There were some follow-up competitions, but as far as I know none of the results have ever been published.
Kaggle time series competitions
Few Kaggle competitions have involved time series forecasting; mostly they are about cross-sectional prediction or classification. However, there have been some notable exceptions.
- George Athanasopoulos and I organized a Tourism forecasting competition in 2010. There was a follow-up part 2 later in the same year. The best methods were described in papers published by the IJF in 2011. Coincidentally, both the winners were from my own home city, Melbourne! One of them (Jeremy Howard) went on to become President and Chief Scientist at Kaggle for a few years, and is now running fast.ai. Another (Phil Brierley) is better known for winning the Kaggle heritage health prize and for running my local Data Science Meetup.

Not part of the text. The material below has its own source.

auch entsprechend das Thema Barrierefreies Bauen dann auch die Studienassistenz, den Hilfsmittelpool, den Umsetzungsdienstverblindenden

- Recently, Oren Anava and Vitaly Kuznetsov organized a Web traffic competition. Here the task was to forecast future web traffic for approximately 145,000 Wikipedia articles. A paper describing the best methods is currently in progress.
One of the great benefits of the Kaggle platform (and others like it) is that it provides a leaderboard and allows multiple submissions. This has been found to lead to much better results as teams compete against each other over the duration of the competition. George Athanasopoulos and I discussed this important feature in a 2011 IJF paper.

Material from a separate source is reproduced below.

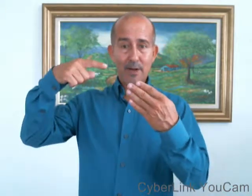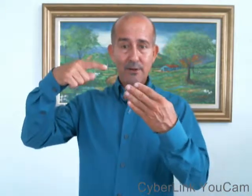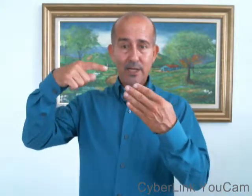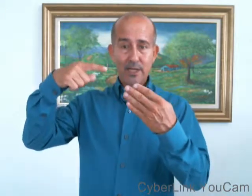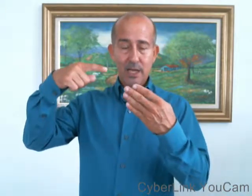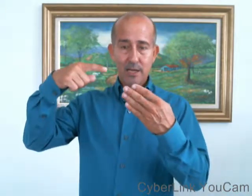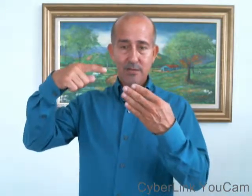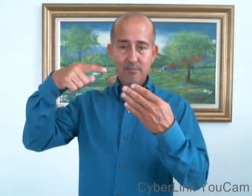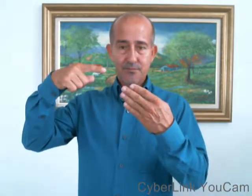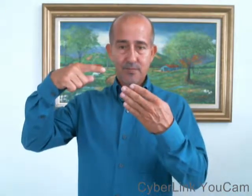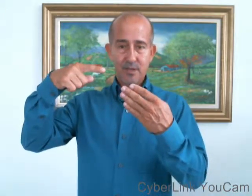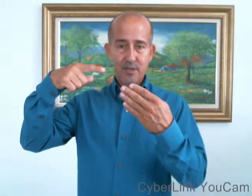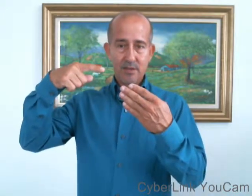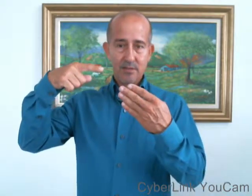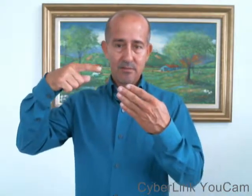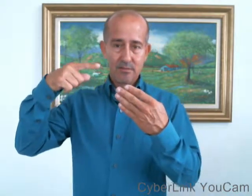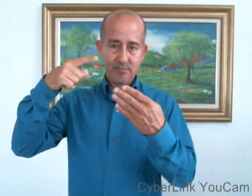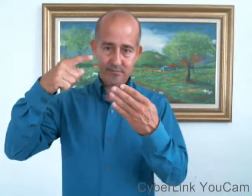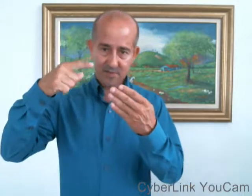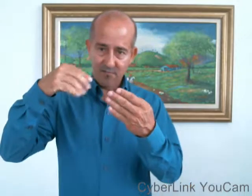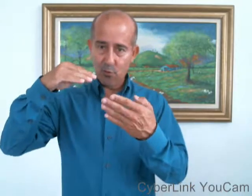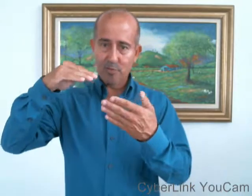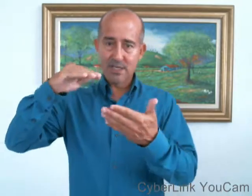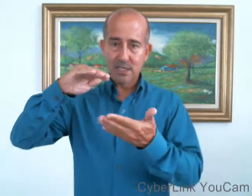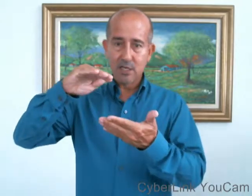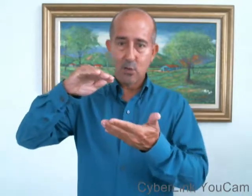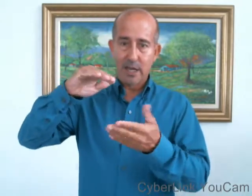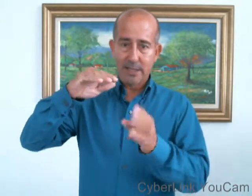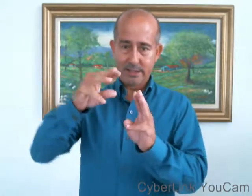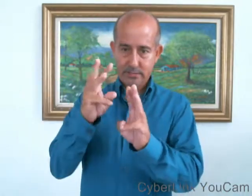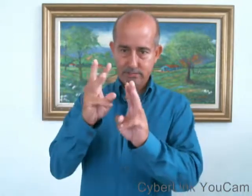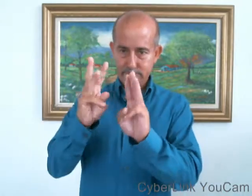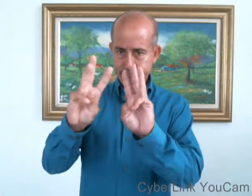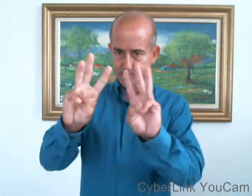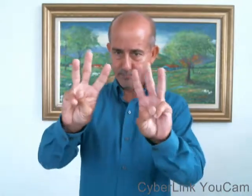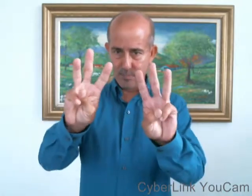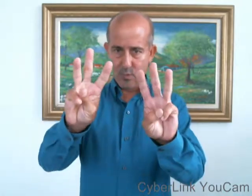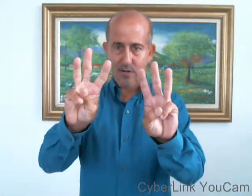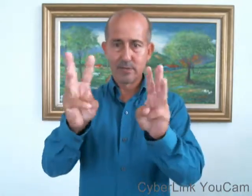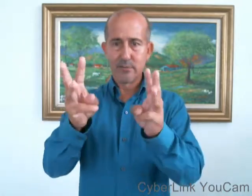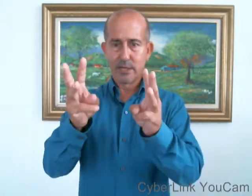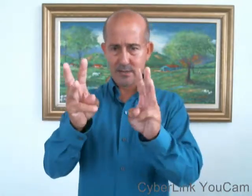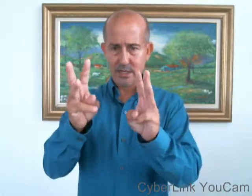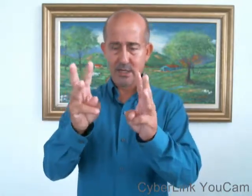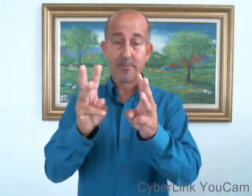manos están en formas iguales, vamos a ver una señal,

Makridakis is now at it again with the M4 competition. This time there are 100,000 time series, and many more participants. New features of this competition are:
- Weekly, daily and hourly data are included, along with annual, quarterly and monthly data.
- Participants are invited to submit prediction intervals as well as point forecasts.

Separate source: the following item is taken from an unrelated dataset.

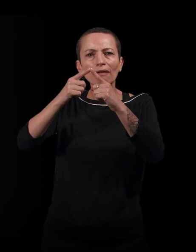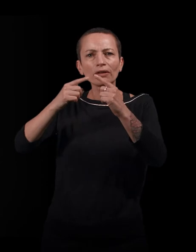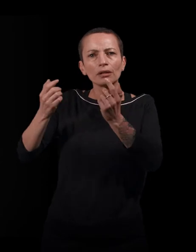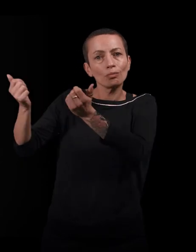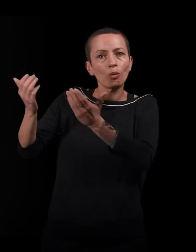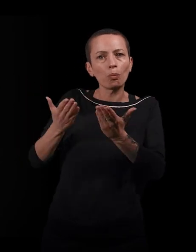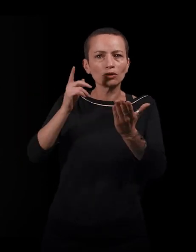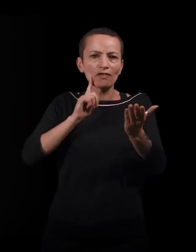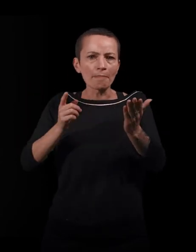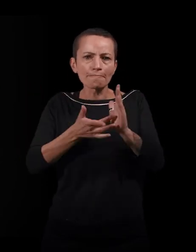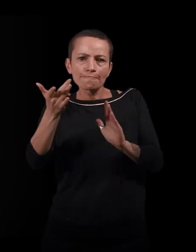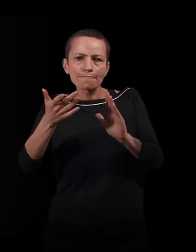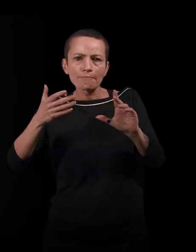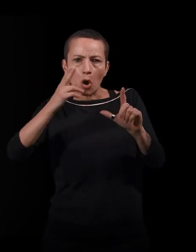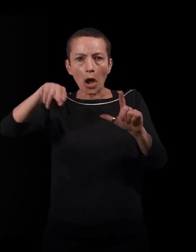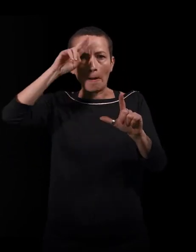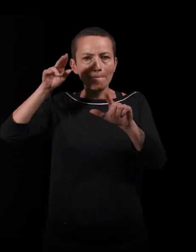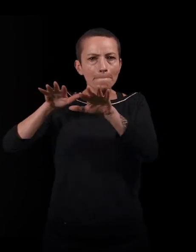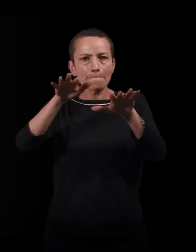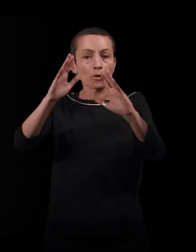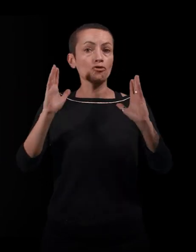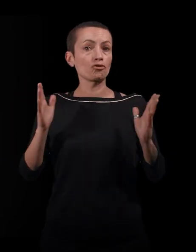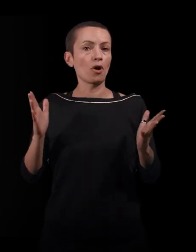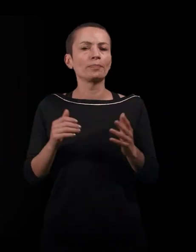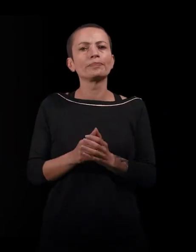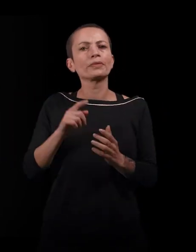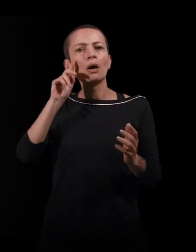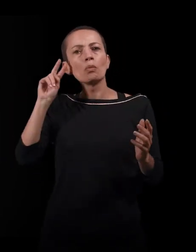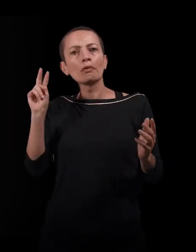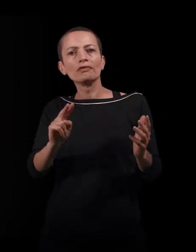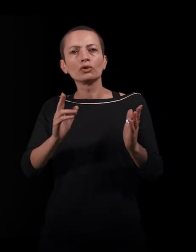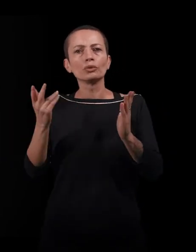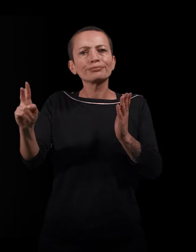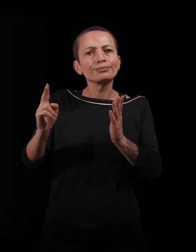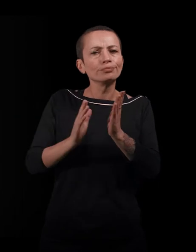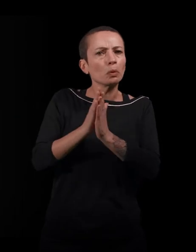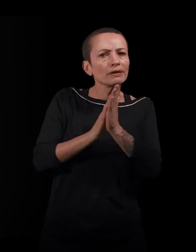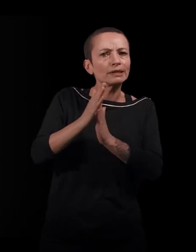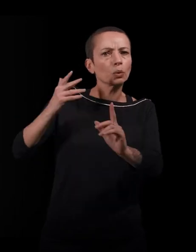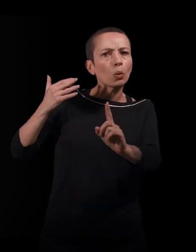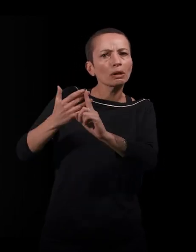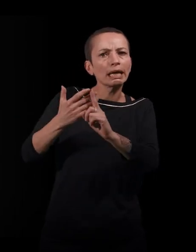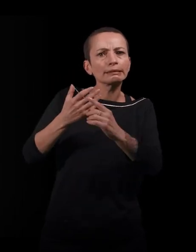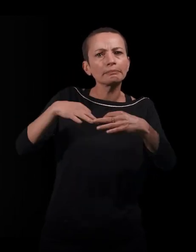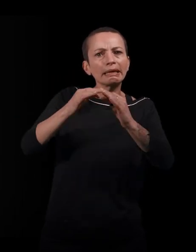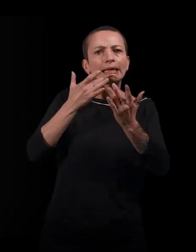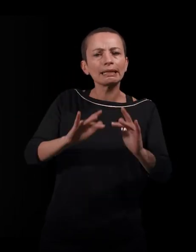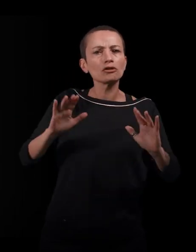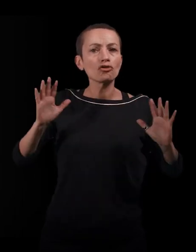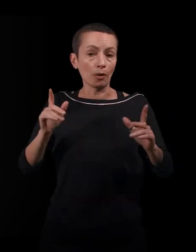circulations de ces femmes vers l'Europe du point de vue de leur motivation et contexte de départ, mais aussi de leurs

- There is a strong emphasis on reproducibility (a problem with earlier competitions), and competitors will be required to post their code on Github.
The M4 competition is certainly not the end of time series competitions! There are many features of time series forecasting that have not been studied under competition conditions.
No previous time series competition has explored forecast distribution accuracy (as distinct from point forecast accuracy). The M4 competition is the first to make a start in this diretion with prediction interval accuracy being measured, but it is much richer to measure the whole forecast distribution. This was done, for example, in the GEFCom2014 and GEFCom2017 competitions for energy demand forecasting.
No competition has involved large-scale multivariate time series forecasting. While many of the time series in the competitions are probably related to each other, this information has not been provided. Again, the GEFCom competitions have been ground-breaking in this respect also, by requiring true multivariate forecasts to be provided for the energy demand in different regions of the US.
I know of no large-scale forecasting competition for finance data (e.g., stock prices or returns), yet this would seem to be of great interest judging by the number of submissions to the IJF I receive every week.
The data from many of these competitions are available as R packages.
A useful discussion of forecasting competitions and their history is provided by Fildes, R., & Ord, K. (2002). Forecasting competitions: their role in improving forecasting practice and research. In M. Clements & D. Hendry (Eds.), A companion to economic forecasting (pp. 322–353). Oxford, Blackwell.